Neelum River and road near quarry north of Muzaffarabad. (Photo by Rauf Qureshi, 2010)


Recent studies of landslide activity in the region show that the number of new landslides since the earthquake increased but not to the extent originally predicted (Khattak et al 2010; Saba et al 2010). Most new landslide areas are found along roads and rivers. According to Khattak et al (2010), 80% of landslides showed little or no change, 9% had increased in size, and 11% showed a partial vegetation recovery on the slopes. During the heavy monsoon rains in August 2010, 170 houses in Muzaffarabad district were swept away by heavy rains, which also destroyed bridges, roads, and land, damaging 2000 houses, killing at least 46 persons, and displacing 25,000 persons ( 2010; Figure 1). Many roads under construction were the cause of most landslides, creating severe disturbance to traffic over several weeks. Thus, 5 years after the earthquake, landslides continue to remain a threat to the population during the monsoon season.

This article describes research that was conducted 18 months after the 2005 Pakistan earthquake and reflections on the earthquake 5 years later. The goal of this research was twofold: to present empirical data on the social, geological, and environmental contexts in which widespread landslides occurred following the 2005 earthquake; and, second, to describe straightforward methods that can be used for integrated landslide risk assessments in data-poor environments.

Integrated risk assessments

Over the last few decades, a paradigm shift has occurred from the top-down hazard-oriented approach to disasters to the view that effective risk reduction needs to be integrated with sustainable development approaches (Birkmann 2006).

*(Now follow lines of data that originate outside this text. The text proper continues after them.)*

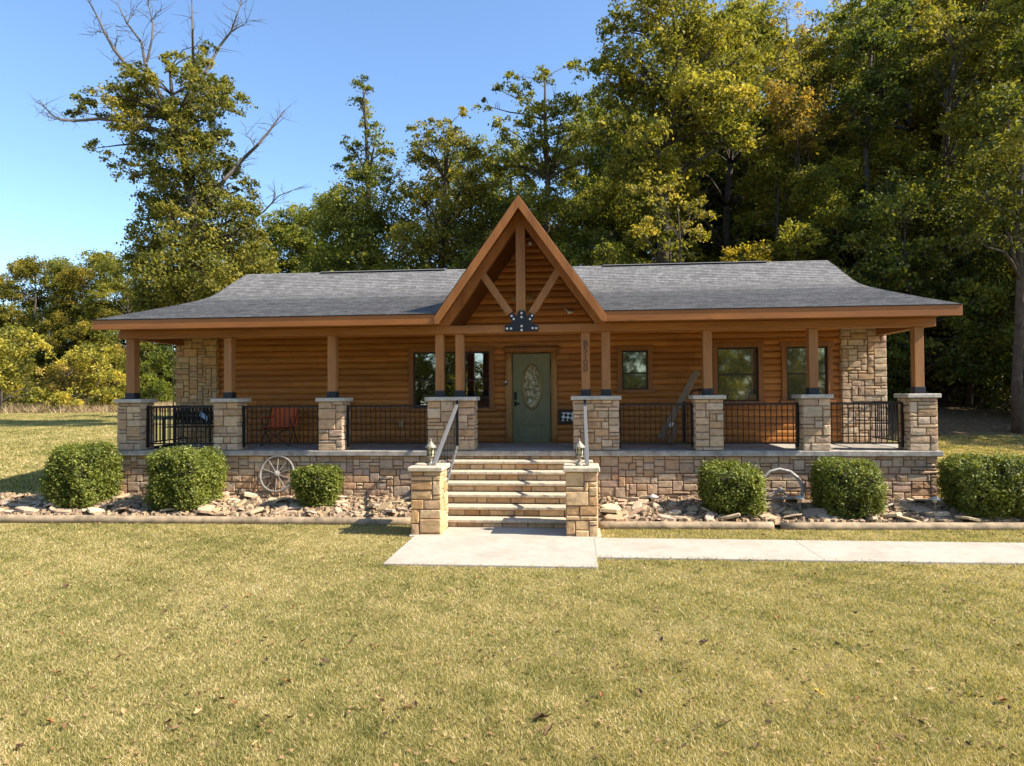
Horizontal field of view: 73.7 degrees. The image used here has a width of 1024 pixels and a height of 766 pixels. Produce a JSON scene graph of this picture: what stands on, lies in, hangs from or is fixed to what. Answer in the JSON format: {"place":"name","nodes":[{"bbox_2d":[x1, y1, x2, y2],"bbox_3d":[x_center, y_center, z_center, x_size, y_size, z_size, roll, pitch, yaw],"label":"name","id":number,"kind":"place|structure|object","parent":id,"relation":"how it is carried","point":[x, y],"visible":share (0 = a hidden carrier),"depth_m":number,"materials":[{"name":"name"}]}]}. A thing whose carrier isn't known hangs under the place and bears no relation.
{"place":"outdoors","nodes":[
{"label":"outdoors","id":0,"kind":"place"},
{"bbox_2d":[0,412,118,494],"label":"side lawn grass","id":1,"kind":"structure","parent":0,"point":[29,429],"depth_m":31.40,"materials":[{"name":"plant"}]},
{"bbox_2d":[0,0,896,352],"label":"sky","id":2,"kind":"structure","parent":0,"point":[422,59],"materials":[{"name":"blue"}]},
{"bbox_2d":[0,378,1023,765],"bbox_3d":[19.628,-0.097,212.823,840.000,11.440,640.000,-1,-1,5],"label":"ground","id":3,"kind":"structure","parent":0,"point":[956,418],"depth_m":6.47,"materials":[{"name":"plant"}]},
{"bbox_2d":[1,359,24,404],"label":"field shrub","id":4,"kind":"object","parent":3,"relation":"on","point":[17,386],"visible":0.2,"depth_m":70.70,"materials":[{"name":"green plant"}]},
{"bbox_2d":[0,271,43,386],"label":"tree","id":5,"kind":"object","parent":3,"relation":"on","point":[10,281],"visible":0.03,"depth_m":83.92,"materials":[{"name":"green plant"}]},
{"bbox_2d":[0,356,55,404],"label":"field shrub","id":6,"kind":"object","parent":3,"relation":"on","point":[23,370],"visible":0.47,"depth_m":65.50,"materials":[{"name":"green plant"}]},
{"bbox_2d":[0,323,71,412],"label":"field shrub","id":7,"kind":"object","parent":3,"relation":"on","point":[17,348],"visible":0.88,"depth_m":60.21,"materials":[{"name":"green plant"}]},
{"bbox_2d":[0,252,73,401],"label":"tree","id":8,"kind":"object","parent":3,"relation":"on","point":[25,269],"visible":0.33,"depth_m":79.09,"materials":[{"name":"green plant"}]},
{"bbox_2d":[10,255,97,386],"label":"tree","id":9,"kind":"object","parent":3,"relation":"on","point":[56,269],"visible":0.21,"depth_m":81.17,"materials":[{"name":"green plant"}]},
{"bbox_2d":[24,351,115,409],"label":"field shrub","id":10,"kind":"object","parent":3,"relation":"on","point":[63,377],"visible":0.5,"depth_m":62.81,"materials":[{"name":"green plant"}]},
{"bbox_2d":[33,261,125,401],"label":"tree","id":11,"kind":"object","parent":3,"relation":"on","point":[75,277],"visible":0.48,"depth_m":77.65,"materials":[{"name":"green plant"}]},
{"bbox_2d":[35,343,125,408],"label":"field shrub","id":12,"kind":"object","parent":3,"relation":"on","point":[96,365],"visible":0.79,"depth_m":61.02,"materials":[{"name":"green plant"}]},
{"bbox_2d":[0,400,176,412],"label":"tall dry grass","id":13,"kind":"structure","parent":3,"relation":"on","point":[23,407],"depth_m":59.21,"materials":[{"name":"plant"}]},
{"bbox_2d":[45,249,143,397],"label":"tree","id":14,"kind":"object","parent":3,"relation":"on","point":[95,258],"visible":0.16,"depth_m":81.84,"materials":[{"name":"green plant"}]},
{"bbox_2d":[82,367,125,404],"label":"field shrub","id":15,"kind":"object","parent":3,"relation":"on","point":[117,380],"visible":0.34,"depth_m":63.06,"materials":[{"name":"yellow plant"}]},
{"bbox_2d":[71,253,172,399],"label":"tree","id":16,"kind":"object","parent":3,"relation":"on","point":[114,282],"visible":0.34,"depth_m":77.85,"materials":[{"name":"green plant"}]},
{"bbox_2d":[111,262,175,403],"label":"tree","id":17,"kind":"object","parent":3,"relation":"on","point":[168,379],"visible":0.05,"depth_m":82.91,"materials":[{"name":"green plant"}]},
{"bbox_2d":[122,371,175,404],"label":"field shrub","id":18,"kind":"object","parent":3,"relation":"on","point":[158,384],"visible":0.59,"depth_m":65.56,"materials":[{"name":"green plant"}]},
{"bbox_2d":[140,345,176,402],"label":"field shrub","id":19,"kind":"object","parent":3,"relation":"on","point":[164,365],"visible":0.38,"depth_m":69.22,"materials":[{"name":"green plant"}]},
{"bbox_2d":[29,0,308,312],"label":"half dead oak","id":20,"kind":"object","parent":3,"relation":"on","point":[200,253],"visible":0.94,"depth_m":39.33,"materials":[{"name":"green plant"}]},
{"bbox_2d":[0,515,410,525],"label":"edging log","id":21,"kind":"object","parent":3,"relation":"on","point":[404,521],"visible":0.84,"depth_m":12.45,"materials":[{"name":"wood"}]},
{"bbox_2d":[3,494,410,516],"bbox_3d":[-7.889,2.443,13.537,12.760,0.188,1.859,-1,-1,5],"label":"planting bed","id":22,"kind":"object","parent":3,"relation":"on","point":[247,499],"visible":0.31,"depth_m":13.11,"materials":[{"name":"stone"}]},
{"bbox_2d":[36,440,125,508],"bbox_3d":[-8.671,1.866,13.772,1.260,1.400,1.463,-1,-1,5],"label":"boxwood bush","id":23,"kind":"object","parent":22,"relation":"on","point":[83,476],"visible":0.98,"depth_m":13.37,"materials":[{"name":"green plant"}]},
{"bbox_2d":[142,444,229,514],"bbox_3d":[-6.431,1.899,13.469,1.420,1.415,1.487,-1,-1,5],"label":"boxwood bush","id":24,"kind":"object","parent":22,"relation":"on","point":[180,478],"visible":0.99,"depth_m":13.01,"materials":[{"name":"green plant"}]},
{"bbox_2d":[289,461,347,507],"bbox_3d":[-3.792,2.054,13.302,1.096,1.042,0.938,-1,-1,5],"label":"boxwood bush","id":25,"kind":"object","parent":22,"relation":"on","point":[317,486],"visible":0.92,"depth_m":13.10,"materials":[{"name":"green plant"}]},
{"bbox_2d":[0,492,1023,523],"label":"rock rubble","id":26,"kind":"object","parent":22,"relation":"on","point":[363,501],"visible":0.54,"depth_m":12.81,"materials":[{"name":"stone"}]},
{"bbox_2d":[764,468,804,499],"bbox_3d":[5.059,1.899,12.856,0.884,0.595,0.189,-1,-1,5],"label":"wagon wheel","id":27,"kind":"object","parent":26,"relation":"on","point":[780,490],"visible":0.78,"depth_m":12.83,"materials":[{"name":"white wood"}]},
{"bbox_2d":[226,219,310,273],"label":"tree","id":28,"kind":"object","parent":3,"relation":"on","point":[278,233],"visible":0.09,"depth_m":77.61,"materials":[{"name":"green plant"}]},
{"bbox_2d":[252,200,341,273],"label":"tree","id":29,"kind":"object","parent":3,"relation":"on","point":[297,235],"visible":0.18,"depth_m":76.57,"materials":[{"name":"green plant"}]},
{"bbox_2d":[297,187,390,270],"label":"tree","id":30,"kind":"object","parent":3,"relation":"on","point":[319,205],"visible":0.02,"depth_m":79.09,"materials":[{"name":"green plant"}]},
{"bbox_2d":[294,74,419,272],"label":"slender tree","id":31,"kind":"object","parent":3,"relation":"on","point":[353,242],"visible":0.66,"depth_m":44.90,"materials":[{"name":"green plant"}]},
{"bbox_2d":[376,106,501,269],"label":"yellowing tree","id":32,"kind":"object","parent":3,"relation":"on","point":[424,244],"visible":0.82,"depth_m":42.75,"materials":[{"name":"green plant"}]},
{"bbox_2d":[414,131,506,268],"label":"forest tree","id":33,"kind":"object","parent":3,"relation":"on","point":[478,142],"visible":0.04,"depth_m":51.25,"materials":[{"name":"green plant"}]},
{"bbox_2d":[445,247,478,268],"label":"understory tree","id":34,"kind":"object","parent":3,"relation":"on","point":[471,255],"visible":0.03,"depth_m":41.03,"materials":[{"name":"green plant"}]},
{"bbox_2d":[408,400,599,536],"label":"entry steps","id":35,"kind":"structure","parent":3,"relation":"on","point":[569,489],"depth_m":12.09,"materials":[{"name":"stone"}]},
{"bbox_2d":[574,438,584,465],"bbox_3d":[1.118,1.141,11.309,0.203,0.447,0.203,-1,-1,5],"label":"post lantern","id":36,"kind":"object","parent":35,"relation":"on","point":[579,446],"visible":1,"depth_m":11.26,"materials":[{"name":"white metal"}]},
{"bbox_2d":[0,91,1010,358],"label":"deep forest","id":37,"kind":"object","parent":3,"relation":"on","point":[426,261],"depth_m":59.03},
{"bbox_2d":[0,525,1023,765],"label":"leaf crumbs","id":38,"kind":"object","parent":3,"relation":"on","point":[557,739],"visible":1,"depth_m":6.03,"materials":[{"name":"plant"}]},
{"bbox_2d":[454,129,570,254],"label":"forest tree","id":39,"kind":"object","parent":3,"relation":"on","point":[495,147],"visible":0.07,"depth_m":49.14,"materials":[{"name":"green plant"}]},
{"bbox_2d":[93,194,962,500],"bbox_3d":[0.419,-0.459,19.827,16.950,6.230,13.255,-1,-1,5],"label":"log cabin","id":40,"kind":"object","parent":3,"relation":"on","point":[373,376],"visible":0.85,"depth_m":15.14,"materials":[{"name":"wood"}]},
{"bbox_2d":[162,405,213,445],"bbox_3d":[-7.395,0.987,15.810,1.200,0.925,0.535,-1,-1,5],"label":"garden bench","id":41,"kind":"object","parent":40,"relation":"on","point":[193,415],"visible":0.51,"depth_m":16.05,"materials":[{"name":"black metal"}]},
{"bbox_2d":[259,456,293,492],"bbox_3d":[-4.837,1.872,14.047,0.762,0.761,0.207,-1,-1,5],"label":"wagon wheel","id":42,"kind":"object","parent":40,"relation":"attached to","point":[276,473],"visible":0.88,"depth_m":14.03,"materials":[{"name":"grey wood"}]},
{"bbox_2d":[259,405,299,445],"bbox_3d":[-5.328,0.974,15.723,0.723,0.933,0.641,-1,-1,5],"label":"folding chair","id":43,"kind":"object","parent":40,"relation":"on","point":[282,417],"visible":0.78,"depth_m":15.92,"materials":[{"name":"wood"}]},
{"bbox_2d":[407,346,495,411],"bbox_3d":[-1.429,-0.090,16.123,2.127,1.515,0.180,-1,-1,5],"label":"window","id":44,"kind":"structure","parent":40,"relation":"in","point":[479,361],"depth_m":16.13,"materials":[{"name":"brown glass"}]},
{"bbox_2d":[513,353,550,441],"bbox_3d":[0.456,0.343,15.916,0.878,2.060,0.112,-1,-1,5],"label":"door","id":45,"kind":"structure","parent":40,"relation":"in","point":[531,372],"depth_m":15.92,"materials":[{"name":"green paint"}]},
{"bbox_2d":[559,409,574,423],"bbox_3d":[1.273,0.780,15.809,0.365,0.336,0.062,-1,-1,5],"label":"pillow","id":46,"kind":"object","parent":40,"relation":"attached to","point":[565,416],"depth_m":15.79,"materials":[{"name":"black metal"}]},
{"bbox_2d":[615,345,654,392],"bbox_3d":[2.829,-0.315,15.733,0.901,1.094,0.180,-1,-1,5],"label":"window","id":47,"kind":"structure","parent":40,"relation":"in","point":[634,362],"depth_m":15.74,"materials":[{"name":"brown wood"}]},
{"bbox_2d":[712,342,765,402],"bbox_3d":[5.124,-0.211,15.520,1.213,1.415,0.180,-1,-1,5],"label":"window","id":48,"kind":"structure","parent":40,"relation":"in","point":[737,370],"depth_m":15.53,"materials":[{"name":"brown wood"}]},
{"bbox_2d":[779,341,835,402],"bbox_3d":[6.633,-0.232,15.381,1.207,1.403,0.180,-1,-1,5],"label":"window","id":49,"kind":"structure","parent":40,"relation":"in","point":[793,354],"depth_m":15.38,"materials":[{"name":"brown wood"}]},
{"bbox_2d":[469,57,620,265],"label":"airy tree","id":50,"kind":"object","parent":3,"relation":"on","point":[546,168],"visible":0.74,"depth_m":41.57,"materials":[{"name":"green plant"}]},
{"bbox_2d":[556,242,602,265],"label":"understory tree","id":51,"kind":"object","parent":3,"relation":"on","point":[574,260],"depth_m":37.63,"materials":[{"name":"green plant"}]},
{"bbox_2d":[531,106,639,265],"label":"forest tree","id":52,"kind":"object","parent":3,"relation":"on","point":[566,189],"visible":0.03,"depth_m":57.02,"materials":[{"name":"green plant"}]},
{"bbox_2d":[536,85,660,265],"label":"forest tree","id":53,"kind":"object","parent":3,"relation":"on","point":[593,114],"visible":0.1,"depth_m":48.12,"materials":[{"name":"green plant"}]},
{"bbox_2d":[551,176,656,265],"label":"forest tree","id":54,"kind":"object","parent":3,"relation":"on","point":[612,201],"visible":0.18,"depth_m":41.63,"materials":[{"name":"green plant"}]},
{"bbox_2d":[588,238,628,265],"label":"understory tree","id":55,"kind":"object","parent":3,"relation":"on","point":[613,248],"visible":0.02,"depth_m":36.37,"materials":[{"name":"green plant"}]},
{"bbox_2d":[566,95,714,263],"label":"forest tree","id":56,"kind":"object","parent":3,"relation":"on","point":[629,197],"visible":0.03,"depth_m":55.80,"materials":[{"name":"green plant"}]},
{"bbox_2d":[625,180,716,262],"bbox_3d":[7.778,-3.716,32.661,4.034,11.531,5.965,-1,-1,16],"label":"pale understory tree","id":57,"kind":"object","parent":3,"relation":"on","point":[685,224],"visible":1,"depth_m":32.99,"materials":[{"name":"green plant"}]},
{"bbox_2d":[581,0,772,263],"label":"great oak","id":58,"kind":"object","parent":3,"relation":"on","point":[684,36],"visible":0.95,"depth_m":36.67,"materials":[{"name":"green plant"}]},
{"bbox_2d":[598,521,774,529],"bbox_3d":[2.962,2.448,11.681,2.952,0.166,0.180,0,-1,3],"label":"edging log","id":59,"kind":"object","parent":3,"relation":"on","point":[663,525],"visible":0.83,"depth_m":11.62,"materials":[{"name":"wood"}]},
{"bbox_2d":[633,49,742,262],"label":"forest tree","id":60,"kind":"object","parent":3,"relation":"on","point":[651,70],"visible":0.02,"depth_m":61.65,"materials":[{"name":"green plant"}]},
{"bbox_2d":[383,526,1023,568],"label":"walkway","id":61,"kind":"structure","parent":3,"relation":"on","point":[508,547],"depth_m":9.97,"materials":[{"name":"concrete"}]},
{"bbox_2d":[605,9,803,262],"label":"forest tree","id":62,"kind":"object","parent":3,"relation":"on","point":[738,170],"visible":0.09,"depth_m":50.36,"materials":[{"name":"green plant"}]},
{"bbox_2d":[627,0,841,262],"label":"forest tree","id":63,"kind":"object","parent":3,"relation":"on","point":[770,143],"visible":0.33,"depth_m":44.01,"materials":[{"name":"green plant"}]},
{"bbox_2d":[720,239,776,261],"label":"understory tree","id":64,"kind":"object","parent":3,"relation":"on","point":[728,252],"visible":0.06,"depth_m":35.56,"materials":[{"name":"green plant"}]},
{"bbox_2d":[677,0,829,248],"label":"forest tree","id":65,"kind":"object","parent":3,"relation":"on","point":[717,209],"visible":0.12,"depth_m":52.59,"materials":[{"name":"green plant"}]},
{"bbox_2d":[673,0,834,254],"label":"forest tree","id":66,"kind":"object","parent":3,"relation":"on","point":[757,46],"visible":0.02,"depth_m":54.45,"materials":[{"name":"green plant"}]},
{"bbox_2d":[709,29,850,242],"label":"forest tree","id":67,"kind":"object","parent":3,"relation":"on","point":[837,86],"visible":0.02,"depth_m":61.89,"materials":[{"name":"green plant"}]},
{"bbox_2d":[719,154,842,261],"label":"forest tree","id":68,"kind":"object","parent":3,"relation":"on","point":[768,178],"visible":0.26,"depth_m":40.38,"materials":[{"name":"green plant"}]},
{"bbox_2d":[749,0,822,227],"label":"sparse top tree","id":69,"kind":"object","parent":3,"relation":"on","point":[773,23],"visible":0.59,"depth_m":46.72,"materials":[{"name":"green plant"}]},
{"bbox_2d":[759,78,837,221],"bbox_3d":[16.776,-9.020,39.676,3.420,18.494,7.358,-1,-1,34],"label":"orange tinted tree","id":70,"kind":"object","parent":3,"relation":"on","point":[795,137],"visible":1,"depth_m":38.49,"materials":[{"name":"green plant"}]},
{"bbox_2d":[773,217,834,263],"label":"understory tree","id":71,"kind":"object","parent":3,"relation":"on","point":[782,237],"visible":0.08,"depth_m":34.85,"materials":[{"name":"green plant"}]},
{"bbox_2d":[598,498,1023,524],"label":"planting bed","id":72,"kind":"object","parent":3,"relation":"on","point":[600,518],"visible":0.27,"depth_m":12.29,"materials":[{"name":"soil"}]},
{"bbox_2d":[693,458,768,516],"bbox_3d":[3.993,1.916,12.412,1.261,1.147,1.272,-1,-1,5],"label":"boxwood bush","id":73,"kind":"object","parent":72,"relation":"on","point":[727,487],"visible":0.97,"depth_m":11.99,"materials":[{"name":"green plant"}]},
{"bbox_2d":[802,508,827,518],"bbox_3d":[5.342,2.296,12.045,0.434,0.062,0.326,-11,18,18],"label":"flat rock","id":74,"kind":"object","parent":72,"relation":"on","point":[806,513],"visible":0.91,"depth_m":12.04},
{"bbox_2d":[807,455,888,519],"bbox_3d":[6.005,1.905,12.243,1.225,1.202,1.383,-1,-1,5],"label":"boxwood bush","id":75,"kind":"object","parent":72,"relation":"on","point":[849,488],"visible":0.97,"depth_m":11.83,"materials":[{"name":"green plant"}]},
{"bbox_2d":[932,451,1023,521],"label":"boxwood bush","id":76,"kind":"object","parent":72,"relation":"on","point":[988,486],"visible":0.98,"depth_m":11.64,"materials":[{"name":"green plant"}]},
{"bbox_2d":[715,9,927,251],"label":"forest tree","id":77,"kind":"object","parent":3,"relation":"on","point":[819,48],"visible":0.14,"depth_m":49.15,"materials":[{"name":"green plant"}]},
{"bbox_2d":[771,155,898,377],"bbox_3d":[17.865,-6.191,38.166,8.508,13.298,7.863,0,-1,-6],"label":"forest tree","id":78,"kind":"object","parent":3,"relation":"on","point":[833,202],"visible":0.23,"depth_m":37.21,"materials":[{"name":"green plant"}]},
{"bbox_2d":[775,57,901,213],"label":"forest tree","id":79,"kind":"object","parent":3,"relation":"on","point":[831,97],"visible":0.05,"depth_m":58.38,"materials":[{"name":"green plant"}]},
{"bbox_2d":[788,0,900,215],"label":"forest tree","id":80,"kind":"object","parent":3,"relation":"on","point":[837,7],"visible":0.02,"depth_m":63.99,"materials":[{"name":"green plant"}]},
{"bbox_2d":[808,214,901,280],"bbox_3d":[17.967,-4.439,38.162,6.822,10.041,7.993,-1,-1,28],"label":"understory tree","id":81,"kind":"object","parent":3,"relation":"on","point":[851,256],"visible":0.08,"depth_m":37.71,"materials":[{"name":"green plant"}]},
{"bbox_2d":[826,0,925,261],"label":"dark leaved tree","id":82,"kind":"object","parent":3,"relation":"on","point":[883,38],"visible":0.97,"depth_m":39.23,"materials":[{"name":"green plant"}]},
{"bbox_2d":[836,223,939,408],"bbox_3d":[16.192,-2.858,31.752,6.632,8.648,6.459,0,-1,-15],"label":"understory tree","id":83,"kind":"object","parent":3,"relation":"on","point":[905,366],"visible":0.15,"depth_m":30.94,"materials":[{"name":"green plant"}]},
{"bbox_2d":[773,0,1006,237],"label":"forest tree","id":84,"kind":"object","parent":3,"relation":"on","point":[870,2],"visible":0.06,"depth_m":49.11,"materials":[{"name":"green plant"}]},
{"bbox_2d":[810,165,971,390],"bbox_3d":[19.166,-4.849,35.070,9.325,11.714,7.959,-1,-1,16],"label":"understory tree","id":85,"kind":"object","parent":3,"relation":"on","point":[911,187],"visible":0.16,"depth_m":33.89,"materials":[{"name":"green plant"}]},
{"bbox_2d":[822,124,977,380],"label":"forest tree","id":86,"kind":"object","parent":3,"relation":"on","point":[883,154],"visible":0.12,"depth_m":40.18,"materials":[{"name":"green plant"}]},
{"bbox_2d":[780,522,1023,529],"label":"edging log","id":87,"kind":"object","parent":3,"relation":"on","point":[897,525],"visible":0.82,"depth_m":11.42,"materials":[{"name":"wood"}]},
{"bbox_2d":[828,0,1009,281],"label":"forest tree","id":88,"kind":"object","parent":3,"relation":"on","point":[912,122],"visible":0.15,"depth_m":45.16,"materials":[{"name":"green plant"}]},
{"bbox_2d":[837,0,1011,277],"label":"forest tree","id":89,"kind":"object","parent":3,"relation":"on","point":[937,83],"visible":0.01,"depth_m":52.26,"materials":[{"name":"green plant"}]},
{"bbox_2d":[841,187,1014,408],"bbox_3d":[18.045,-3.635,31.397,7.894,10.570,8.106,-1,-1,26],"label":"understory tree","id":90,"kind":"object","parent":3,"relation":"on","point":[898,266],"visible":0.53,"depth_m":29.76,"materials":[{"name":"green plant"}]},
{"bbox_2d":[848,167,1012,397],"bbox_3d":[21.182,-4.745,34.040,9.325,11.714,7.959,0,-1,-29],"label":"understory tree","id":91,"kind":"object","parent":3,"relation":"on","point":[938,388],"visible":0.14,"depth_m":33.47,"materials":[{"name":"green plant"}]},
{"bbox_2d":[876,137,1023,377],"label":"forest tree","id":92,"kind":"object","parent":3,"relation":"on","point":[925,165],"visible":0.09,"depth_m":37.54,"materials":[{"name":"green plant"}]},
{"bbox_2d":[886,199,1023,410],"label":"understory tree","id":93,"kind":"object","parent":3,"relation":"on","point":[967,395],"visible":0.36,"depth_m":31.14,"materials":[{"name":"green plant"}]},
{"bbox_2d":[906,2,1012,277],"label":"forest tree","id":94,"kind":"object","parent":3,"relation":"on","point":[931,147],"visible":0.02,"depth_m":47.57,"materials":[{"name":"green plant"}]},
{"bbox_2d":[899,0,1023,349],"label":"forest tree","id":95,"kind":"object","parent":3,"relation":"on","point":[922,51],"visible":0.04,"depth_m":44.22,"materials":[{"name":"green plant"}]},
{"bbox_2d":[900,0,1023,387],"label":"dark trunk tree","id":96,"kind":"object","parent":3,"relation":"on","point":[972,58],"visible":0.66,"depth_m":36.76,"materials":[{"name":"green plant"}]},
{"bbox_2d":[906,180,1023,393],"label":"understory tree","id":97,"kind":"object","parent":3,"relation":"on","point":[939,228],"visible":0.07,"depth_m":33.97,"materials":[{"name":"green plant"}]},
{"bbox_2d":[917,0,1023,282],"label":"forest tree","id":98,"kind":"object","parent":3,"relation":"on","point":[1014,46],"visible":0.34,"depth_m":34.09,"materials":[{"name":"green plant"}]},
{"bbox_2d":[918,3,1023,275],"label":"forest tree","id":99,"kind":"object","parent":3,"relation":"on","point":[929,111],"visible":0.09,"depth_m":39.52,"materials":[{"name":"green plant"}]},
{"bbox_2d":[933,176,1023,414],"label":"understory tree","id":100,"kind":"object","parent":3,"relation":"on","point":[977,288],"visible":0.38,"depth_m":28.84,"materials":[{"name":"green plant"}]},
{"bbox_2d":[939,78,1023,433],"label":"tree","id":101,"kind":"object","parent":3,"relation":"on","point":[1001,193],"visible":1,"depth_m":23.67,"materials":[{"name":"green plant"}]},
{"bbox_2d":[943,192,1023,388],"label":"understory tree","id":102,"kind":"object","parent":3,"relation":"on","point":[1006,331],"visible":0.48,"depth_m":27.72,"materials":[{"name":"green plant"}]},
{"bbox_2d":[953,60,1023,324],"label":"forest tree","id":103,"kind":"object","parent":3,"relation":"on","point":[992,262],"visible":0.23,"depth_m":29.43,"materials":[{"name":"green plant"}]},
{"bbox_2d":[657,369,729,445],"bbox_3d":[3.929,0.521,14.990,1.532,1.653,0.561,0,-1,0],"label":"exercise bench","id":104,"kind":"object","parent":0,"point":[688,386],"visible":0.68,"depth_m":14.97,"materials":[{"name":"grey metal"}]},
{"bbox_2d":[936,435,1023,495],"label":"side lawn grass","id":105,"kind":"structure","parent":0,"point":[1007,446],"depth_m":22.54,"materials":[{"name":"plant"}]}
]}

It is now commonly agreed that disasters are “a complex mix of natural hazards and human action” often deeply rooted in social, economic, and political processes that need to be understood for decision-makers and communities to address causes and if possible to prevent or minimize new disasters (Hewitt 1983; Wisner et al 1994). Community-based disaster risk management and integrated risk assessments are being increasingly promoted as more holistic and sustainable approaches to understanding and addressing risk (Kafle and Murshed 2006; Bollin and Hidajat 2006; Wisner 2006; Khan and Mustafa 2007).

However, more examples are needed to illustrate how to operationalize risk assessments, especially in data-poor environments (Cardona 2004). One method of preventing, predicting, and managing landslides is through integrated risk assessments for understanding the geological, environmental, and social contexts in which landslides occur (Crozier and Glade 2005; Leroi et al 2006) (Figure 2). Integrated risk assessments require bringing together data across disciplines. Methods for each context are not new, but the novelty lies in the interdisciplinary coordination. Proponents argue that even if upfront costs for integrated risk assessments may be time consuming and costly, this investment is necessary for prevention measures and reconstruction efforts to be effective and sustainable (Zimmermann and Issa 2009).

Figure 2

Conceptual framework for integrated landslide risk assessment. (Modified from Leroi et al 2005)


Study area: Neelum Valley, Azad Jammu and Kashmir (AJK), Pakistan

The study area—the lower Neelum River Valley with an area of 381 km2 and a population density of 264 persons/km2 (AJK Planning Dept 2005)—was chosen because of its 2 very distinct river banks and because this was the location of the earthquake epicenter (34.493°N, 73.629°E) (Owen et al 2008). The lower Neelum River Valley is a west–east-oriented steep V-shaped valley with an estimated slope range of 35–65°, an average width of 15 km, and an altitude range of 800–3000 m (Figure 3).

Figure 3

Map of earthquake- and rainfall-induced landslides, and forest cover in Neelum Valley, AJK, Pakistan. (Map by Jérôme Dubois and Alain Breguet, University of Lausanne, 2011)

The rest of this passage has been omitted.